Glasgow-born author Sarah Moss’s seventh novel Summerwater sprang out of a rain-soaked holiday on a lochside chalet park in The Trossachs.
“I don’t name the location exactly but I think Scottish readers will know where it is,” she tells P.S. “It is a place I have been back to all my life. I wanted to go back to various Scottish places and share them with my children and one of them was The Trossachs.
“I have taken them before but they were much younger. So we did go back recently, but it rained really hard for the entire holiday.
“I kept thinking someone should write a novel and wondering why there weren’t more set on campsites and caravan and holiday parks. It was an obvious thing to do.”
Sarah, a runner, recently moved to Ireland where she teaches creative writing at the University of Dublin. She penned Summerwater before the Covid-19 outbreak but she admits the book, which opens with a mum jogging in the deluge as her husband and kids sleep, raises questions pertinent to the pandemic.

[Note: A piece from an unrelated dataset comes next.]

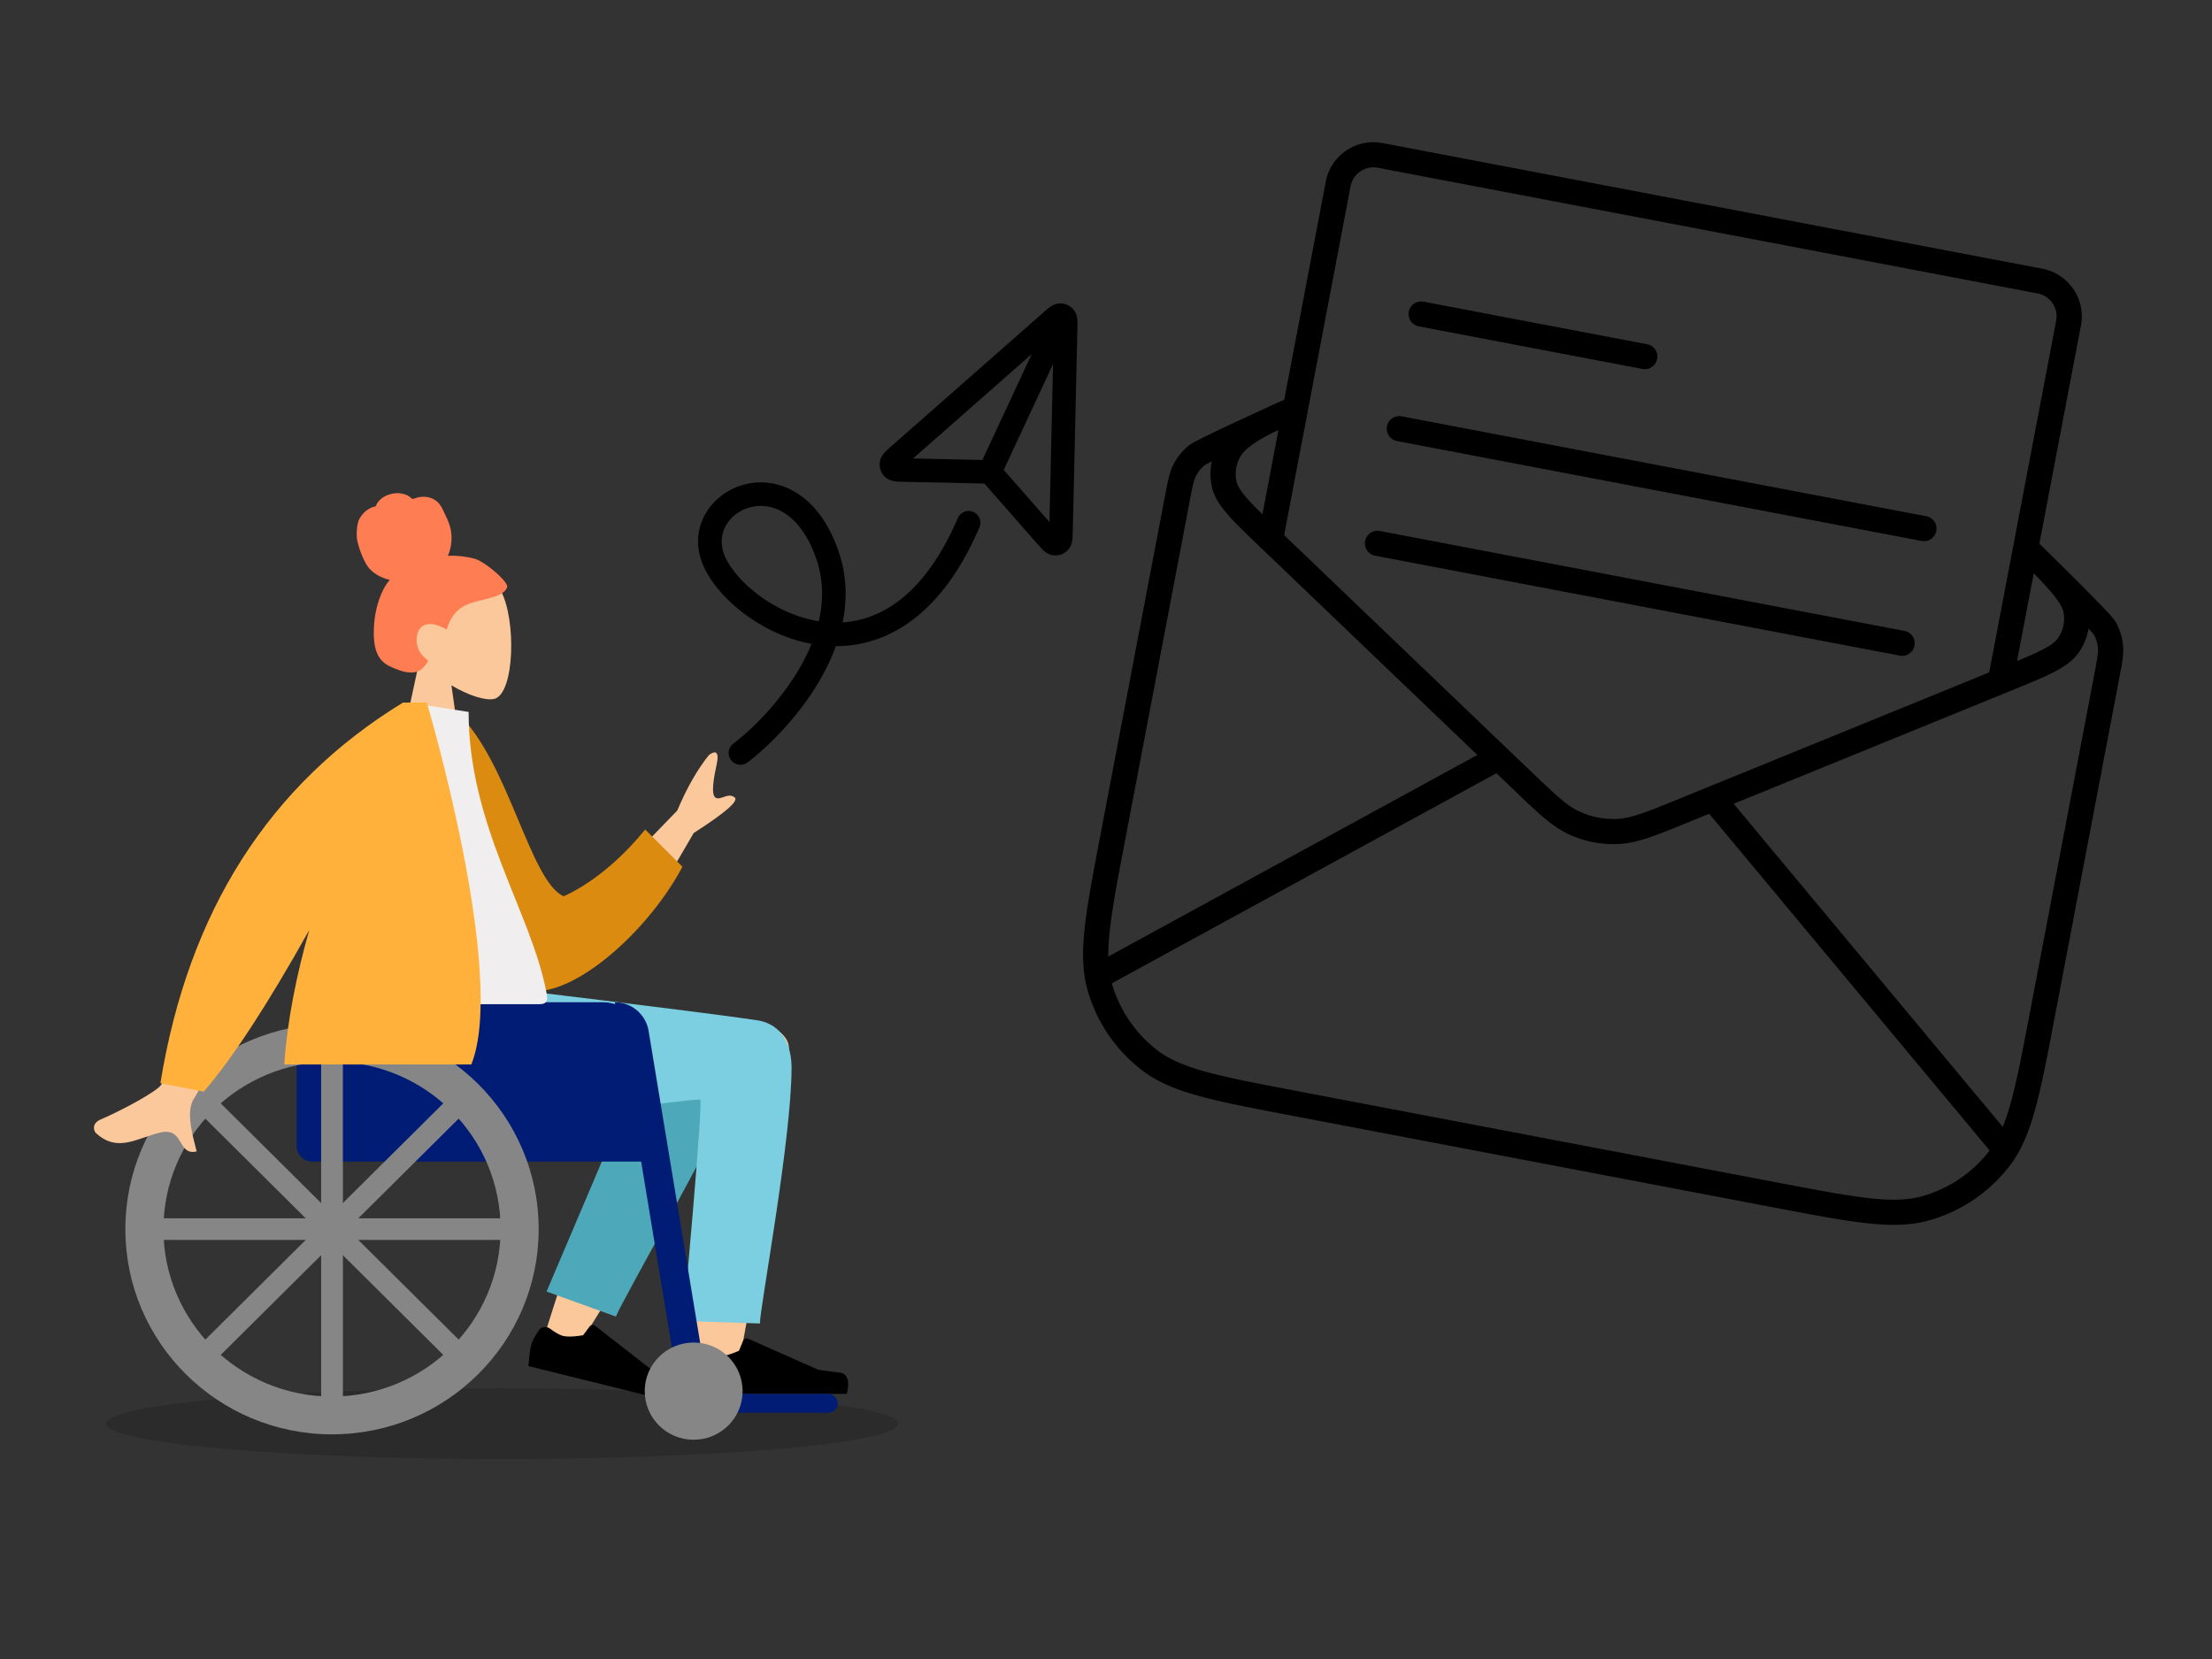 <svg xmlns="http://www.w3.org/2000/svg" width="564" height="423" fill="none"><rect width="100%" height="100%" fill="#333333" stroke="none"/><g clip-path="url(#a)"><ellipse cx="128" cy="363" fill="#000" opacity=".15" rx="101" ry="9"/><path fill="#FAC89A" fill-rule="evenodd" d="M115.103 174.741c4.475 2.684 8.872 3.981 10.936 3.452 5.176-1.328 5.651-20.168 1.647-27.596-4.005-7.427-24.592-10.664-25.63 4.052-.36 5.107 1.796 9.665 4.98 13.385l-5.71 26.481h16.586z" clip-rule="evenodd"/><path fill="#FF7D53" fill-rule="evenodd" d="M121.135 142.508c-2.267-.688-5.557-.921-6.941-.763.788-1.877 1.1-3.968.845-6.004-.247-1.978-1.136-3.663-1.957-5.428-.379-.814-.808-1.623-1.448-2.245a4.96 4.96 0 0 0-2.343-1.253c-.885-.204-1.811-.187-2.698-.001-.392.082-.744.26-1.129.359-.394.102-.585-.143-.871-.39-.689-.594-1.7-.888-2.572-.993-.978-.117-1.993.029-2.926.349-.908.312-1.78.818-2.437 1.555a4 4 0 0 0-.73 1.114c-.071.169-.083.269-.252.331-.157.057-.341.059-.503.114-1.566.527-2.904 1.731-3.633 3.277-.426.902-.627 2.489-.572 4.269s1.67 6.423 3.18 8.117c1.348 1.511 3.33 2.509 5.243 2.946-1.27 1.443-2.115 3.248-2.74 5.082a24.8 24.8 0 0 0-1.254 6.174c-.147 2.005-.16 4.125.312 6.087.442 1.835 1.386 3.34 2.964 4.295.722.437 1.5.766 2.282 1.066.77.296 1.543.584 2.351.75 1.527.314 3.288.26 4.464-.95.424-.436.891-.984 1.2-1.517.112-.191.179-.317.043-.504-.161-.224-.423-.396-.631-.572a5.9 5.9 0 0 1-2.106-3.924c-.188-1.61.247-3.689 1.821-4.392 1.942-.868 4.082.128 5.808 1.056.734-2.577 2.241-4.897 4.603-6.079 2.614-1.308 5.613-1.461 8.299-2.583.699-.293 1.412-.625 1.928-1.221.215-.249.467-.572.553-.901.113-.432-.167-.795-.384-1.132-1.148-1.789-5.503-5.401-7.769-6.089" clip-rule="evenodd"/><path fill="#FAC89A" fill-rule="evenodd" d="M177.705 302.835c-1.291 14.006-.001 44.111.693 52.796.436 5.458 7.926 4.029 8.625-.339.119-.74.602-3.34 1.322-7.219 3.531-19.022 12.773-68.804 12.789-80.909.008-5.551-12.436-9.989-17.414-3.284-4.093-2.855-9.902-3.621-13.484 2.145-2.711 4.366-9.154 16.758-16.024 31.229-6.02 12.677-15.425 43.452-15.425 43.452l7.985 3.622s19.724-31.493 32.143-53.573a742 742 0 0 0-1.21 12.08" clip-rule="evenodd"/><path fill="#4DA8BA" fill-rule="evenodd" d="m139.358 329.312 27.405-64.474c6.566-10.489 24.973 2.134 22.734 8.217-5.083 13.811-30.934 58.522-32.449 62.636z" clip-rule="evenodd"/><path fill="#7BCFE0" fill-rule="evenodd" d="M201.828 272.198c0 18.275-8.066 61.233-8.072 65.257l-19.54-.655s5.124-56.023 4.322-56.403c-1.204-.569-49.329 6.615-63.762 7.158-20.813.782-29.423-11.899-30.122-35.962h40.316s51.71 6.13 67.972 8.527c6.962 1.026 8.886 7.044 8.886 12.078" clip-rule="evenodd"/><path fill="#000" fill-rule="evenodd" d="M140.284 338.796c-.94-.689-2.288-.537-2.928.441-.77 1.177-1.66 2.675-1.904 3.648-.454 1.807-.718 5.424-.718 5.424l37.944 9.395s2.698-4.489-.391-5.666a231 231 0 0 1-5.119-2.01l-15.43-11.983a1.003 1.003 0 0 0-1.419.195l-1.631 2.197s-3.293.637-5.138.18c-.95-.235-2.24-1.069-3.266-1.821m39.581 6.031c-1.08-.443-2.349.029-2.732 1.131-.461 1.327-.959 2.995-.959 3.998 0 1.862.625 5.435.625 5.435h39.105s1.524-5.004-1.76-5.403-5.456-.721-5.456-.721l-17.892-7.921a1 1 0 0 0-1.328.531l-1.048 2.524s-3.04 1.409-4.941 1.409c-.98 0-2.435-.5-3.614-.983" clip-rule="evenodd"/><rect width="36.747" height="4.82" x="176.867" y="355.391" fill="#001C74" rx="2.41"/><path fill="#001C74" d="M75.64 265.551c0-5.523 4.478-10 10-10h68.054c5.523 0 10 4.477 10 10v30.624H79.641a4 4 0 0 1-4-4z"/><path fill="#001C74" fill-rule="evenodd" d="M156.76 255.551a8.734 8.734 0 0 1 8.617 7.309l14.956 90.465h-7.409" clip-rule="evenodd"/><path fill="#868686" fill-rule="evenodd" d="M176.867 367.096c6.892 0 12.48-5.549 12.48-12.394s-5.588-12.393-12.48-12.393-12.48 5.549-12.48 12.393 5.587 12.394 12.48 12.394m-39.519-53.707c0 28.901-23.592 52.33-52.694 52.33-29.101 0-52.693-23.429-52.693-52.33s23.592-52.329 52.693-52.329c29.102 0 52.694 23.428 52.694 52.329m-9.707 0c0 23.577-19.246 42.69-42.987 42.69-23.74 0-42.986-19.113-42.986-42.69s19.245-42.69 42.986-42.69 42.987 19.113 42.987 42.69" clip-rule="evenodd"/><path fill="#868686" d="M81.881 267.945h5.547v90.888h-5.547z"/><rect width="5.528" height="91.205" fill="#868686" rx="2" transform="matrix(.71 .705 -.71 .705 115.053 279.31)"/><rect width="5.508" height="91.52" x="130.414" y="310.635" fill="#868686" rx="2" transform="rotate(90 130.414 310.635)"/><rect width="5.528" height="91.205" fill="#868686" rx="2" transform="matrix(-.71 .705 -.71 -.705 118.974 343.577)"/><path fill="#FAC89A" fill-rule="evenodd" d="m172.682 206.668-19.115 19.752 11.333 6.474 11.981-20.5q12.09-7.748 10.439-9.082c-.929-.751-1.942-.4-2.875-.077-.727.252-1.406.487-1.958.171-1.261-.72-.557-4.828.278-8.697.835-3.87-1.062-2.966-2.051-2.14q-4.404 5.502-8.032 14.099m-100.2 31.398-14.207-2.795q-14.454 37.777-17.233 41.404c-1.36 1.773-9.742 6.339-15.415 8.777-2.277.979-1.788 2.887-1.12 3.498 4.212 3.851 8.13 2.501 12.393 1.032 1.234-.426 2.497-.861 3.805-1.183 3.386-.834 4.416.892 5.39 2.524.862 1.445 1.68 2.815 4.048 2.268-.108-.461-.24-.977-.383-1.535-.923-3.603-2.285-8.917-.265-12.004q1.556-2.376 22.988-41.986" clip-rule="evenodd"/><path fill="#DC8B11" fill-rule="evenodd" d="m110.865 182.964 5.956-1.014c12.961 12.518 18.232 42.586 26.873 46.568 0 0 10.306-4.019 20.806-17.019l9.5 9.5c-9.5 18-31.75 36.935-42.55 30.438-17.266-10.388-21.227-47.471-20.585-68.473" clip-rule="evenodd"/><path fill="#F0EEEE" fill-rule="evenodd" d="M84.809 256.034h52.806c2.413 0 1.958-1.756 1.61-3.513-4.026-20.277-19.741-42.135-19.741-70.999l-15.232-2.387c-12.599 20.248-16.955 43.451-19.443 76.899" clip-rule="evenodd"/><path fill="#FFB13C" fill-rule="evenodd" d="M102.95 179.135h-.192q-51.18 31.303-61.861 97.05l11.054 2.149q10.91-12.615 26.894-41.186c-3.25 11.447-5.618 23.171-6.363 34.265h47.691c9.233-23.031-11.346-92.278-11.346-92.278z" clip-rule="evenodd"/><path fill="#000" fill-rule="evenodd" d="M203.695 126.054c4.223 2.853 7.813 7.697 10.195 14.763 2.058 6.106 2.125 12.158.953 17.874 4.058-.263 8.188-1.488 12.2-4.019 6.087-3.839 12.146-10.841 17.2-22.635a3.001 3.001 0 0 1 5.515 2.364c-5.389 12.574-12.127 20.686-19.513 25.345-5.624 3.548-11.48 5.002-17.123 4.999-1.092 3.014-2.482 5.894-4.04 8.591-5.391 9.328-13.026 16.886-18.471 21.047a3 3 0 1 1-3.643-4.768c4.942-3.776 11.997-10.764 16.919-19.281 1.155-2 2.182-4.062 3.034-6.168-6.814-1.258-13.021-4.435-17.869-8.235-4.992-3.913-8.861-8.741-10.309-13.236-3.053-9.478 3.608-17.611 11.826-19.341 4.203-.884 8.887-.165 13.126 2.7m5.072 32.342-.03-.005c-5.984-.953-11.588-3.737-15.983-7.182-4.457-3.493-7.351-7.407-8.3-10.353-1.74-5.403 1.871-10.477 7.351-11.63 2.644-.557 5.665-.137 8.531 1.799 2.883 1.948 5.798 5.568 7.868 11.709 1.763 5.231 1.758 10.528.563 15.662" clip-rule="evenodd"/><g clip-path="url(#b)"><path fill="#000" fill-rule="evenodd" d="M338.039 46.304c1.278-6.709 7.771-11.106 14.502-9.824L520.71 68.51c6.731 1.281 11.154 7.757 9.876 14.466l-10.597 55.643a223 223 0 0 1 3.118 3.064c1.927 1.896 4.219 4.167 6.454 6.403a480 480 0 0 1 6.281 6.383c.866.902 1.621 1.704 2.195 2.341.286.318.545.614.758.872.164.199.454.557.667.938a15.2 15.2 0 0 1 1.838 5.739c.254 2.285-.19 4.611-.821 7.916l-.088.46-16.53 86.793c-1.673 8.783-3 15.751-4.432 21.365-1.441 5.645-3.041 10.149-5.358 13.934a28 28 0 0 1-1.802 2.611 39.36 39.36 0 0 1-20.132 13.657c-4.741 1.374-9.788 1.47-16.008.803-6.151-.66-13.724-2.103-23.557-3.975l-123.539-23.529c-9.832-1.873-17.405-3.315-23.369-4.963-6.029-1.665-10.687-3.609-14.591-6.63A39.36 39.36 0 0 1 277.37 252.7a29 29 0 0 1-.716-3.091c-.763-4.372-.596-9.148.139-14.928.732-5.748 2.059-12.716 3.732-21.499l16.53-86.792.088-.461c.628-3.305 1.07-5.631 2.146-7.663a15.2 15.2 0 0 1 3.819-4.661c.48-.393 1.281-.822 1.872-1.133.734-.387 1.684-.864 2.768-1.395a468 468 0 0 1 7.8-3.703 811 811 0 0 1 6.746-3.099q2.338-1.139 5.146-2.321zm-4.61 58.595-6.01 31.552 62.734 60.05c6.734 6.447 9.552 9.081 12.765 10.509a20.96 20.96 0 0 0 9.387 1.788c3.513-.147 7.102-1.561 15.735-5.081l79.146-32.269 6.149-32.284.018-.096 10.913-57.296c.615-3.228-1.513-6.346-4.756-6.964L351.342 42.78c-3.243-.617-6.368 1.5-6.983 4.729l-10.912 57.295zm185.116 41.3-4.256 22.345c2.71-1.122 4.819-2.039 6.491-2.905 2.382-1.234 3.459-2.164 4.033-3.027a8.8 8.8 0 0 0 1.28-6.723c-.205-.959-1.113-2.596-3.28-5.132-1.169-1.369-2.593-2.876-4.251-4.541zm13.962 14.082a15.2 15.2 0 0 1-2.33 5.879c-1.477 2.22-3.715 3.766-6.424 5.17-2.676 1.386-6.222 2.832-10.673 4.646l-71.04 28.964 68.61 82.388c.913-2.229 1.734-4.849 2.544-8.023 1.378-5.402 2.67-12.178 4.366-21.083l16.511-86.691c.752-3.95.969-5.267.835-6.473a8.8 8.8 0 0 0-1.005-3.216l-.076-.094a21 21 0 0 0-.571-.655 55 55 0 0 0-.747-.812m-25.201 133.064-71.504-85.861-5.32 2.169-.639.26c-7.791 3.178-12.483 5.092-17.26 5.292a27.4 27.4 0 0 1-12.278-2.338c-4.37-1.943-8.029-5.447-14.107-11.266l-.498-.477-4.151-3.973-98.059 53.567.057.198a32.94 32.94 0 0 0 11.466 16.821c2.965 2.294 6.719 3.955 12.362 5.515 5.681 1.569 12.996 2.965 23.003 4.871l123.249 23.473c10.007 1.906 17.324 3.297 23.183 3.926 5.822.624 9.923.459 13.523-.585a32.93 32.93 0 0 0 16.847-11.429zm-224.714-49.453 94.091-51.399-55.42-53.05c-3.472-3.323-6.238-5.971-8.218-8.244-2.004-2.302-3.517-4.562-4.073-7.169a15.2 15.2 0 0 1 .009-6.397q-.558.282-.988.509c-.403.212-.637.345-.752.411-.101.057-.112.064-.068.027a8.8 8.8 0 0 0-2.194 2.686c-.569 1.073-.851 2.378-1.604 6.328l-16.511 86.69c-1.695 8.905-2.985 15.682-3.689 21.212-.413 3.25-.612 5.988-.583 8.396m42.453-133.816a51 51 0 0 0-3.969 2.138c-2.538 1.537-3.888 2.797-4.532 3.765a8.82 8.82 0 0 0-1.28 6.723c.216 1.013.876 2.274 2.638 4.297 1.036 1.19 2.345 2.526 3.982 4.128l4.089-21.471zm34.163-30.61a3.21 3.21 0 0 1 3.76-2.547l56.997 10.855a3.21 3.21 0 0 1 2.56 3.752 3.21 3.21 0 0 1-3.76 2.547l-56.996-10.855a3.21 3.21 0 0 1-2.561-3.752m-5.568 29.236a3.21 3.21 0 0 1 3.76-2.548l133.745 25.473a3.21 3.21 0 0 1 2.56 3.751 3.21 3.21 0 0 1-3.76 2.548L356.2 112.453a3.21 3.21 0 0 1-2.56-3.751m-5.568 29.235a3.21 3.21 0 0 1 3.76-2.547l133.745 25.473a3.21 3.21 0 0 1 2.56 3.751 3.21 3.21 0 0 1-3.76 2.547l-133.745-25.472a3.21 3.21 0 0 1-2.56-3.752" clip-rule="evenodd"/></g><path fill="#000" fill-rule="evenodd" d="m268.497 92.82-12.576 26.993 11.664 13.29zm-18.014 24.459 12.575-26.993-30.253 26.614zm17.131-38.92c.439-.323 1.363-.962 2.599-.996a4.42 4.42 0 0 1 3.575 1.666c.77.968.874 2.086.911 2.63.039.595.023 1.325.006 2.047l-1.167 51.53c-.018.807-.036 1.599-.106 2.233-.06.543-.213 1.752-1.101 2.72a4.42 4.42 0 0 1-3.831 1.394c-1.303-.172-2.197-1-2.592-1.378-.46-.441-.983-1.036-1.515-1.643l-13.402-15.27-20.201-.434-.111-.002c-.807-.018-1.599-.035-2.233-.104-.544-.059-1.752-.21-2.722-1.098a4.42 4.42 0 0 1-1.398-3.829c.17-1.303.997-2.198 1.375-2.593.44-.461 1.035-.984 1.641-1.518l.083-.073 38.617-33.971c.542-.477 1.09-.96 1.572-1.312" clip-rule="evenodd"/></g><defs><clipPath id="a"><path fill="#fff" d="M0-.001h564v423H0z"/></clipPath><clipPath id="b"><path fill="#fff" d="m293.984-.781 294.953 56.176-55.984 293.946L238 293.165z"/></clipPath></defs></svg>

The plot unfolds over the course of one bleak day, when a partying family cause tensions on site to rise. “Something bad happens,” the author reveals.
“What fascinated me was all these different people being forced into a relationship with each other. On a campsite or a caravan park, you are sort of forced into neighbourhood.
“I was thinking quite a lot about neighbours, because during the pandemic neighbours became important in a way they hadn’t before.
“The question is, if your neighbours have a loud party, do you take a bottle, go round and join in or do you react with rage? My natural instinct is rage. I like to get up early and run a long way and I have a life that requires a certain amount of peace and quiet.
“But I began to think a bit more about the politics of that; what is it about other people having fun that makes you angry? During lockdown that question acquired a particular depth. One of the book’s questions is exactly that.
“But I changed my own response. I began to think how nice it is to hear people having fun with others instead of lying awake thinking ‘I can’t bear this noise’.”
It is not the first time that the country of Moss’s birth has made its way into her work, which has been repeatedly shortlisted for the Wellcome Book Prize as well as being longlisted for the 2019 Women’s Prize (Ghostwall).
She says: “Scotland informs my books quite a lot. We always had relatives in Glasgow on my father’s side, so we came back to visit from time to time.
“My mother claims I learned to walk on the shores of Loch Lomond and I learned to swim there.
“I was photographed in a newspaper in the loch in 1976 – the year after I was born.”
Sarah, who should have been at this summer’s Edinburgh International Book Festival – one of the many Covid cancellations – does not recommend “emigrating in the middle of a pandemic” to Dun Laoghaire, but loves her new “European life by the sea”.
Still, she confesses: “I would have loved to come back to Scotland. But there weren’t any jobs of the right dimensions at the right time.
“I am very happy to be in Ireland but I would be happy to live in Scotland at some point.”